Mr. Regan commissioned two signs that would be placed prominently at the entrance to Willowbend Country Club in Mashpee, Mass., where he planned a surprise engagement party for 175 vaccinated or tested guests later that evening. One read, “She said yes!” The other, “She said no.”

If he had to post the latter sign, he figured he would just regroup. “I thought, if worse comes to worst, we’ll still have a heck of a party,” said Mr. Regan, 70. Ms. Akeley, 43, eliminated that worst-case scenario by strolling through the club’s door with a three-and-a-half carat oval diamond engagement ring on her finger. Mr. Regan wore a relieved grin.

Ms. Akeley and Mr. Regan met on March 19, 2020, at Logan Airport in Boston. Both were there for work: Ms. Akeley as a JetBlue flight attendant and Mr. Regan to stamp out a fire generated by the Jupiter, Fla., office of his firm, Regan Communications Group, of which he is chairman and chief executive.

“The company had made a major mess,” Mr. Regan said. “I wasn’t happy about having to go down there and apologize to a client.” Seeing Ms. Akeley at his Palm Beach departure gate lifted his spirits. “She was incredibly beautiful and incredibly goofy.”

Ms. Akeley, who then lived in Bath, Maine, had welcomed him aboard with a lightheartedness that was at odds with the mood at the airport that day: few people were flying in those earliest days of the pandemic. “Logan Airport was a ghost town,” Mr. Regan said. “But Elizabeth was, ‘Hi! Hi! Hi!’”
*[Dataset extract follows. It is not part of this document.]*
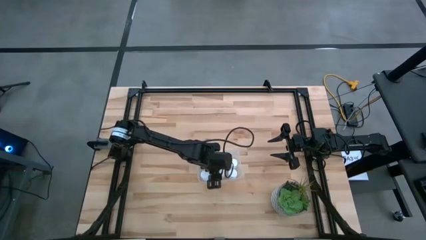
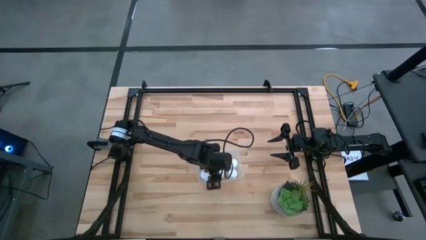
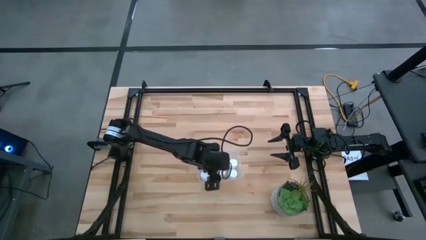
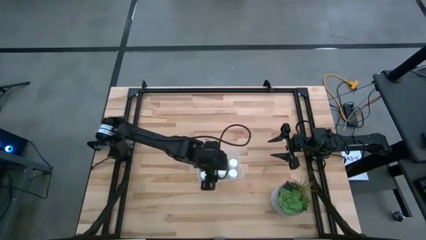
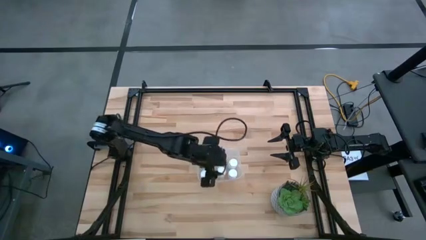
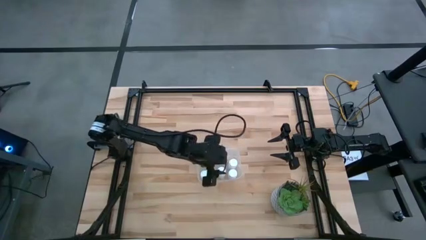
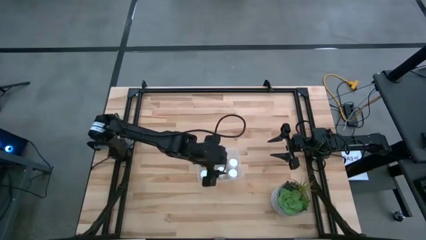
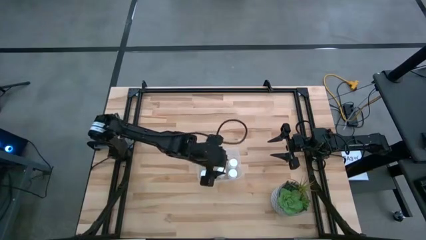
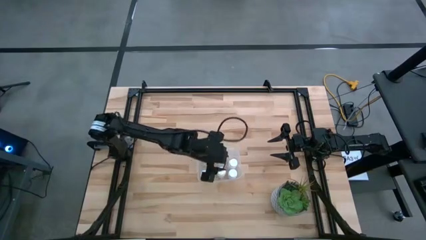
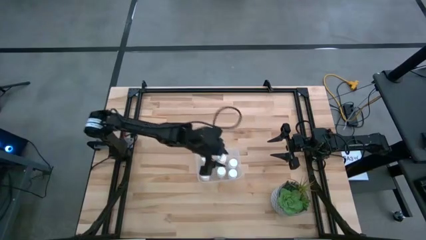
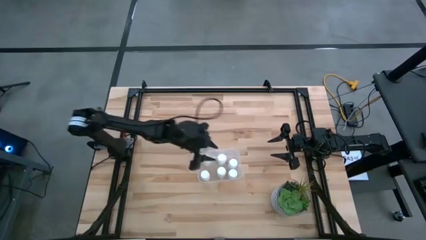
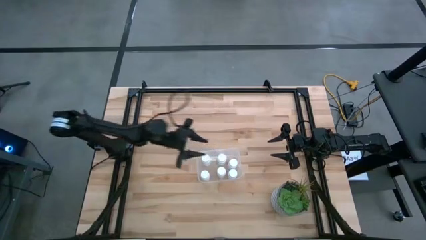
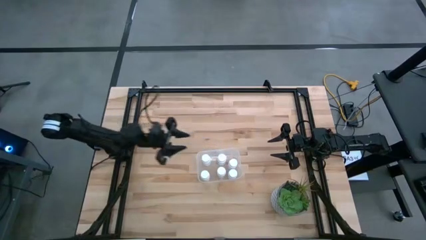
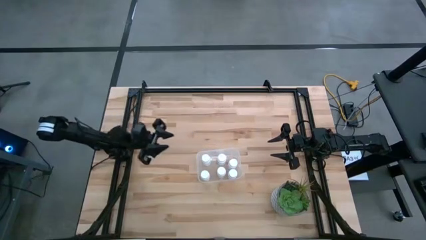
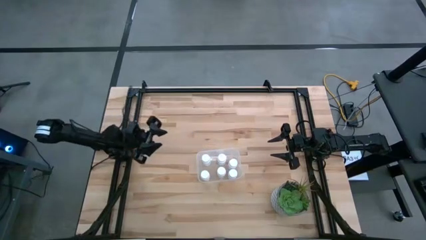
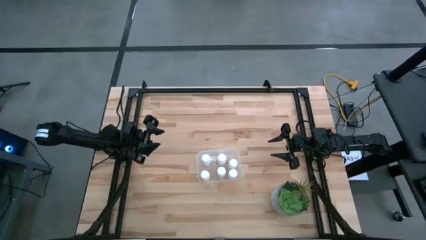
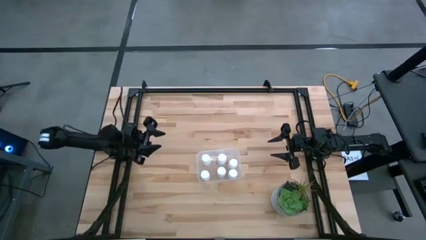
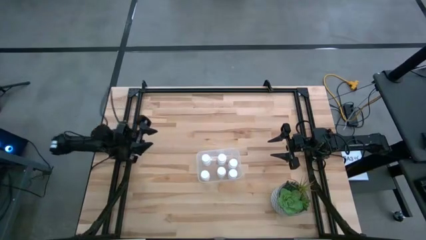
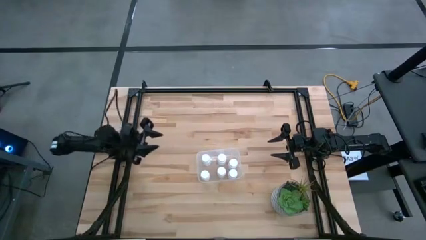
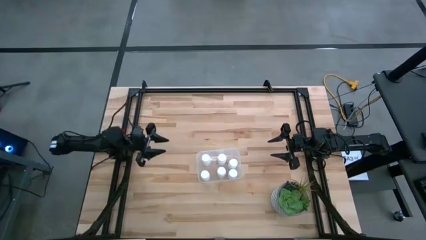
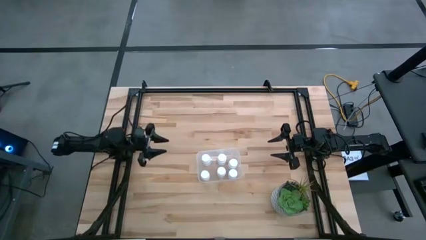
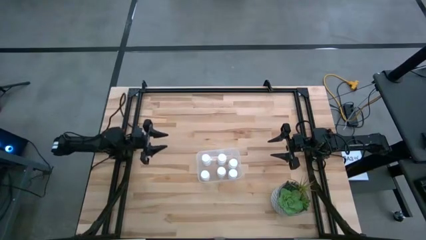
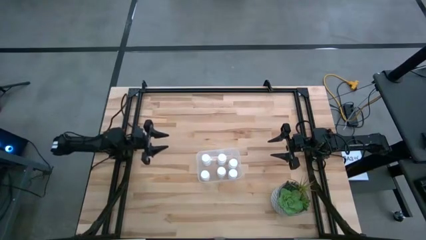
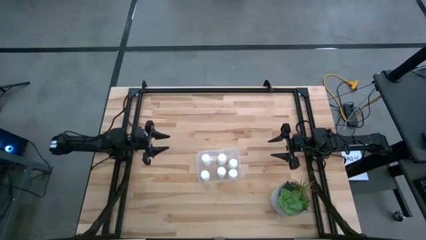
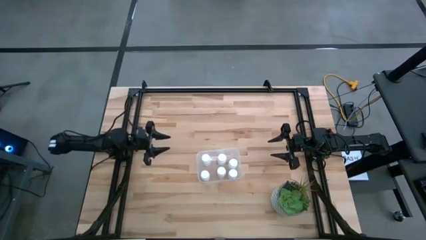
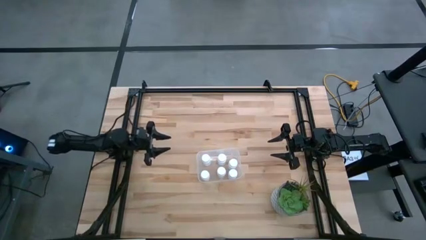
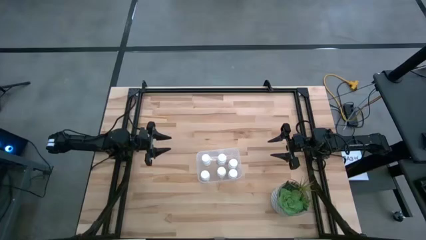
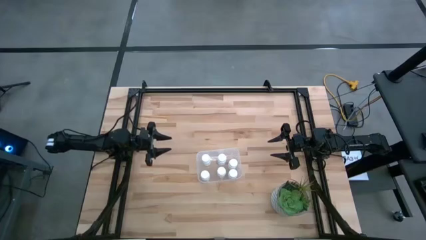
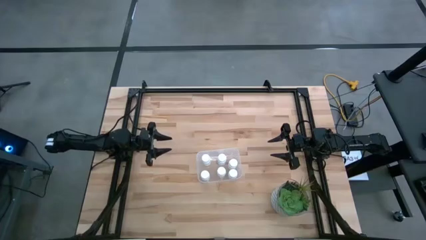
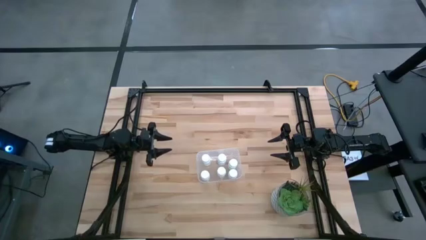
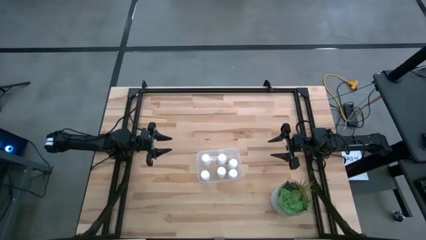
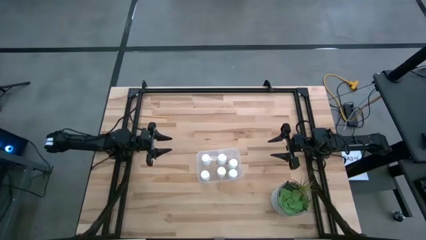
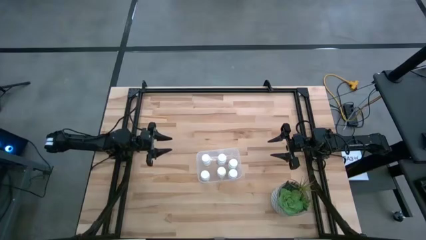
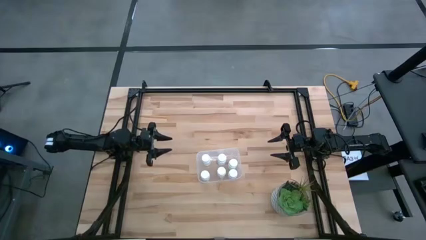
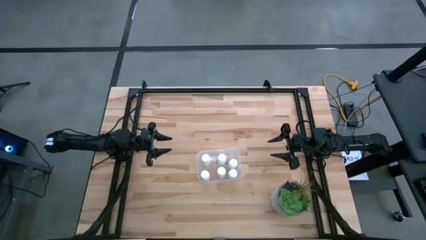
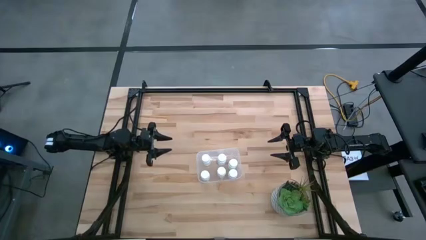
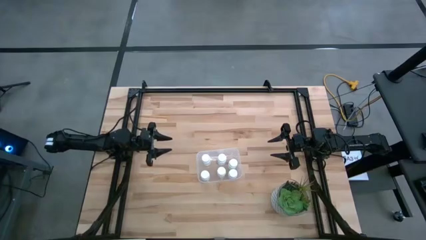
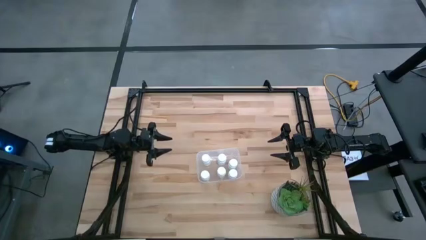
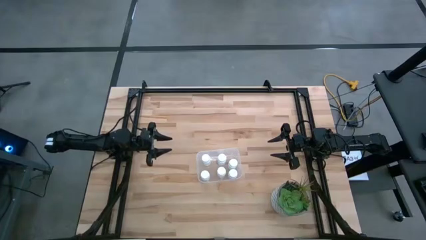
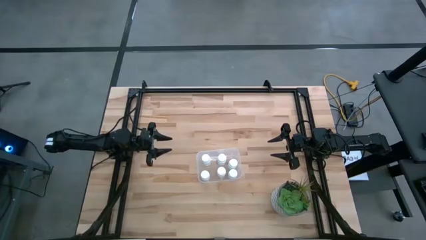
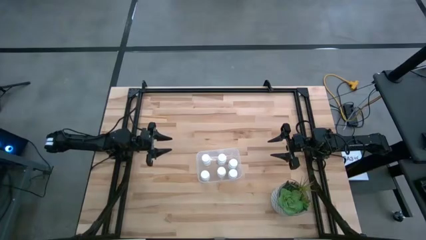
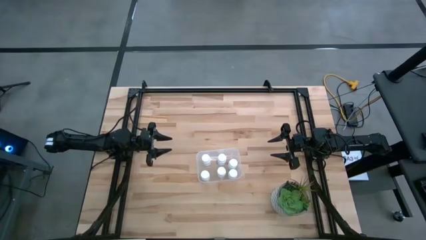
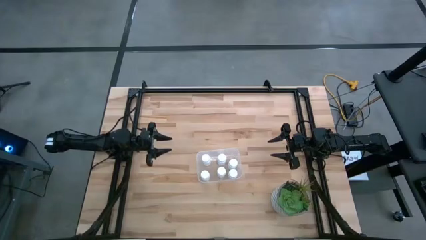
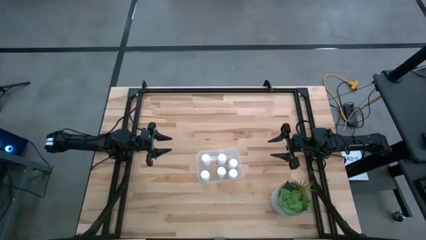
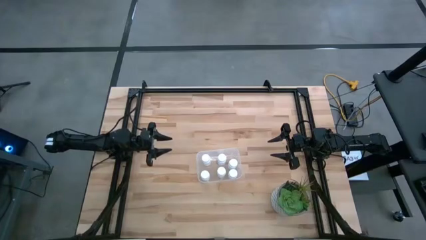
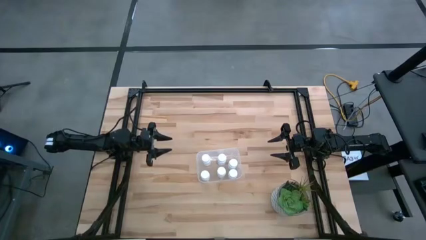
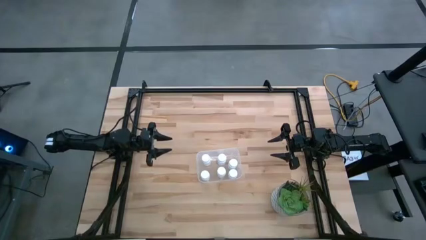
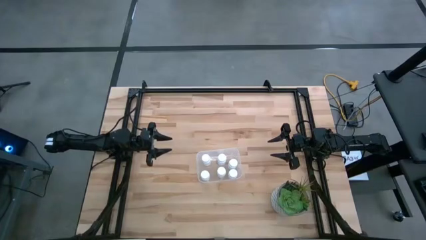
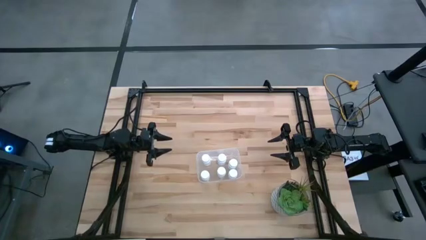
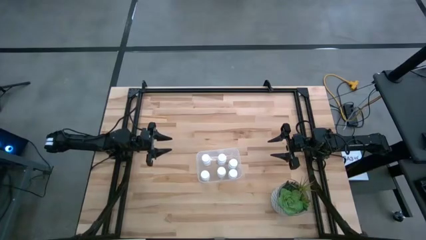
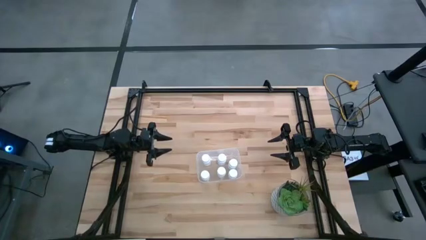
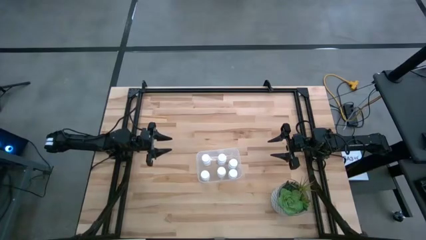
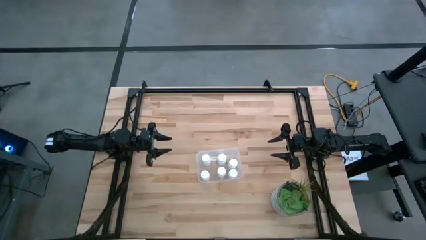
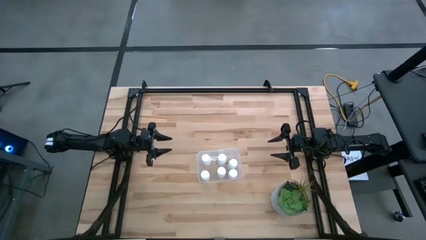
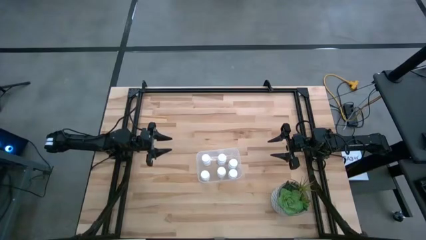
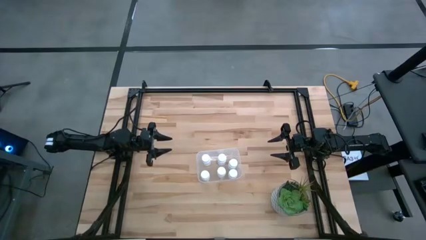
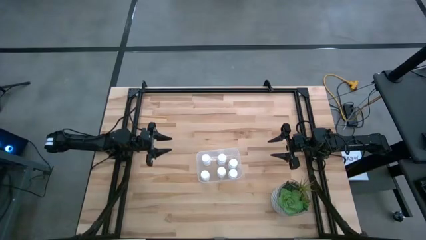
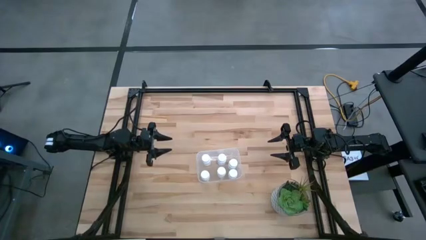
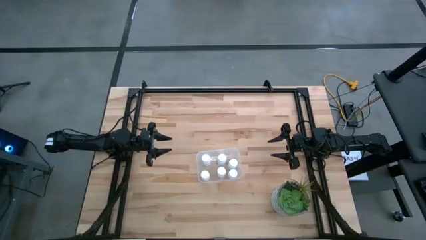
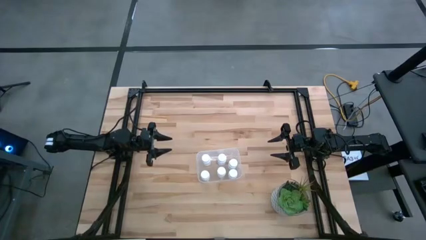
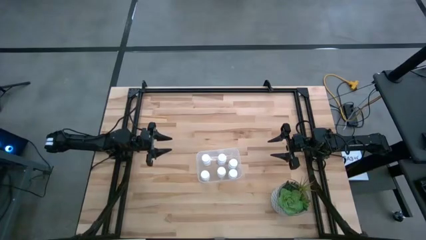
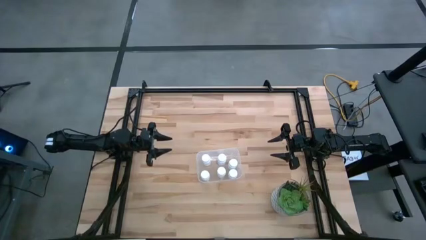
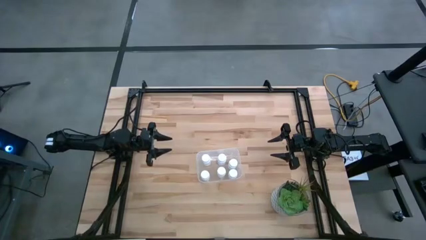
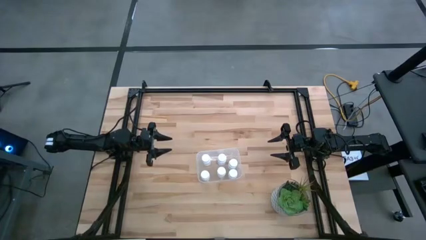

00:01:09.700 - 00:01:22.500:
Task: Pick and place pill bottles into a basket
Return to Home Position

Her friendliness coaxed him out of what he said was a rare bad mood, one that improved further when, struggling with the onboard TVs, he punched all the overhead flight attendant call buttons in his empty row and Ms. Akeley hurried to the front of the plane. “She said, ‘Mr. Regan, are you having a heart attack?’” he said. He told her he was fine but couldn’t figure out how to change the channel.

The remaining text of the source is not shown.